LISTED ENTRIES:
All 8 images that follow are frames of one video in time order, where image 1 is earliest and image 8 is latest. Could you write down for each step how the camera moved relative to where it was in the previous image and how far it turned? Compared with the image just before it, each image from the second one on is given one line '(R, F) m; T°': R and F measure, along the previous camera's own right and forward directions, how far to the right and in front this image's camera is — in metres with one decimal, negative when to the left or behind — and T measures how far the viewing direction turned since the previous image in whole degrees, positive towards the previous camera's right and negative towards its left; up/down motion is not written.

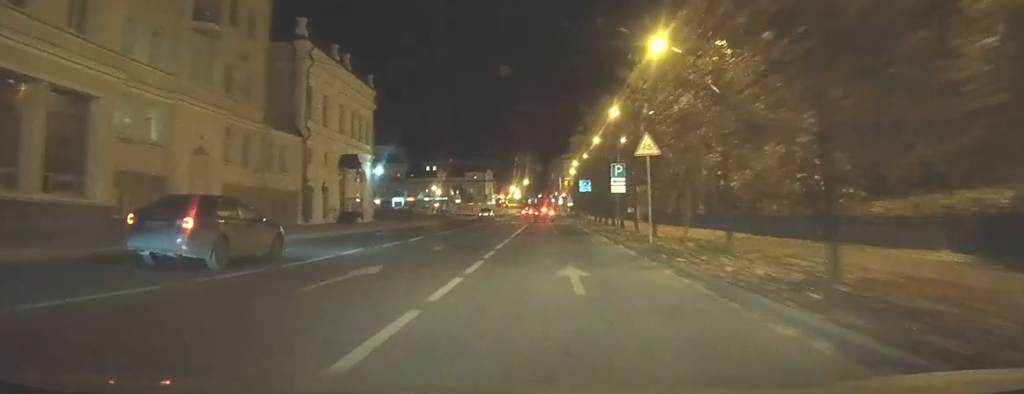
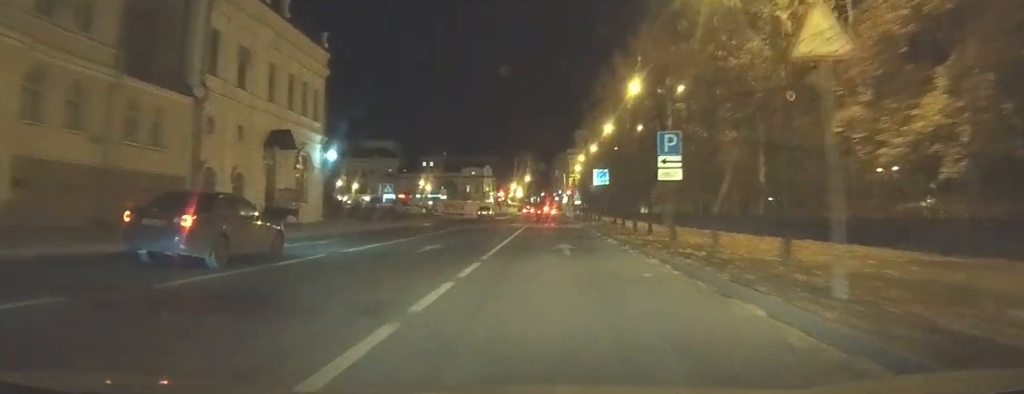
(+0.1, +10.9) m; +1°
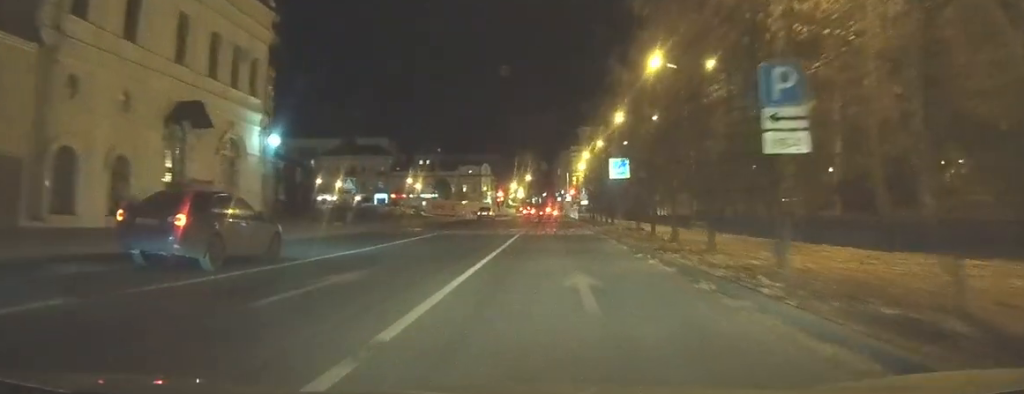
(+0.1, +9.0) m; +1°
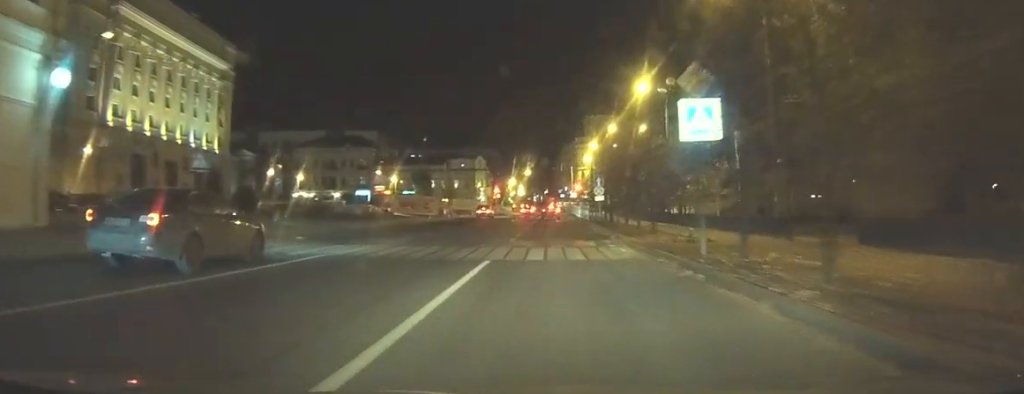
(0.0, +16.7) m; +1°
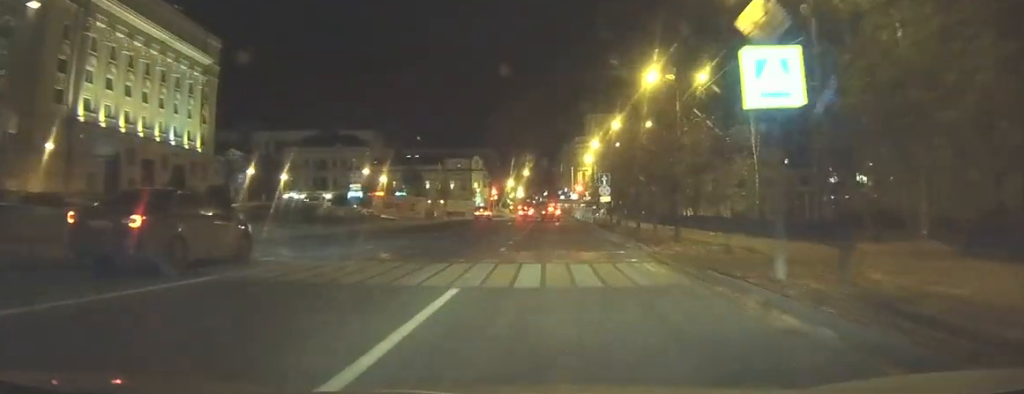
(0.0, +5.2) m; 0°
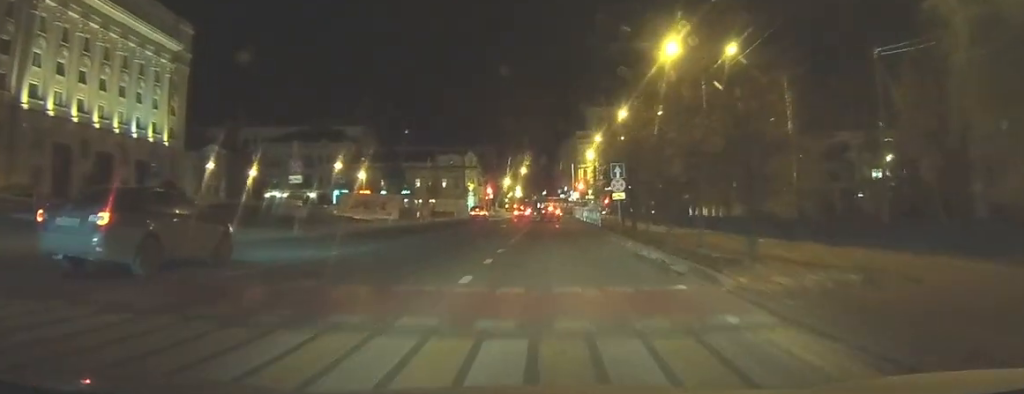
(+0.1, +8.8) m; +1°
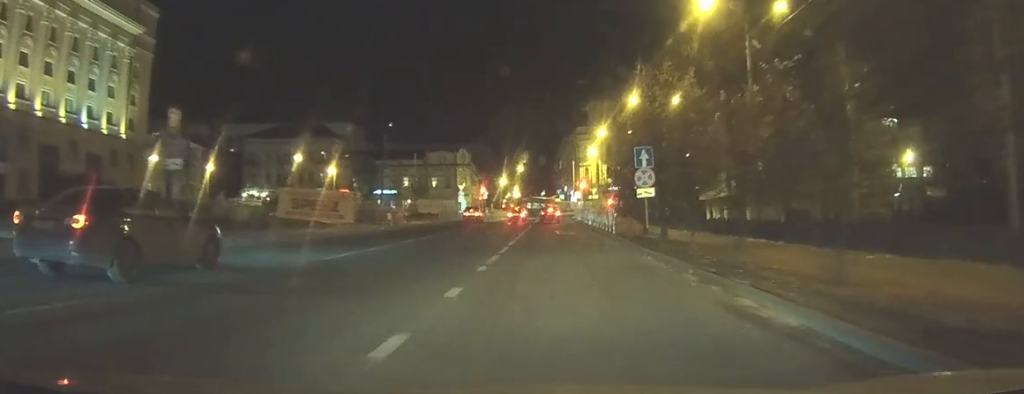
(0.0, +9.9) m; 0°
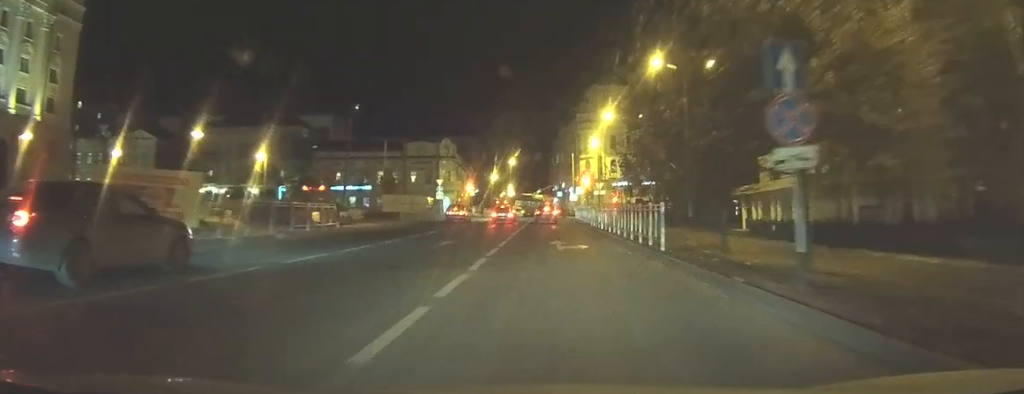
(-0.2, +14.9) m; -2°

WHAT TO PRODUCE: Please restate the entries word for word. Skip the pictures.

WRITTEN RESPONSE:
All 8 images that follow are frames of one video in time order, where image 1 is earliest and image 8 is latest. Could you write down for each step how the camera moved relative to where it was in the previous image and how far it turned? Compared with the image just before it, each image from the second one on is given one line '(R, F) m; T°': R and F measure, along the previous camera's own right and forward directions, how far to the right and in front this image's camera is — in metres with one decimal, negative when to the left or behind — and T measures how far the viewing direction turned since the previous image in whole degrees, positive towards the previous camera's right and negative towards its left; up/down motion is not written.

(+0.1, +10.9) m; +1°
(+0.1, +9.0) m; +1°
(0.0, +16.7) m; +1°
(0.0, +5.2) m; 0°
(+0.1, +8.8) m; +1°
(0.0, +9.9) m; 0°
(-0.2, +14.9) m; -2°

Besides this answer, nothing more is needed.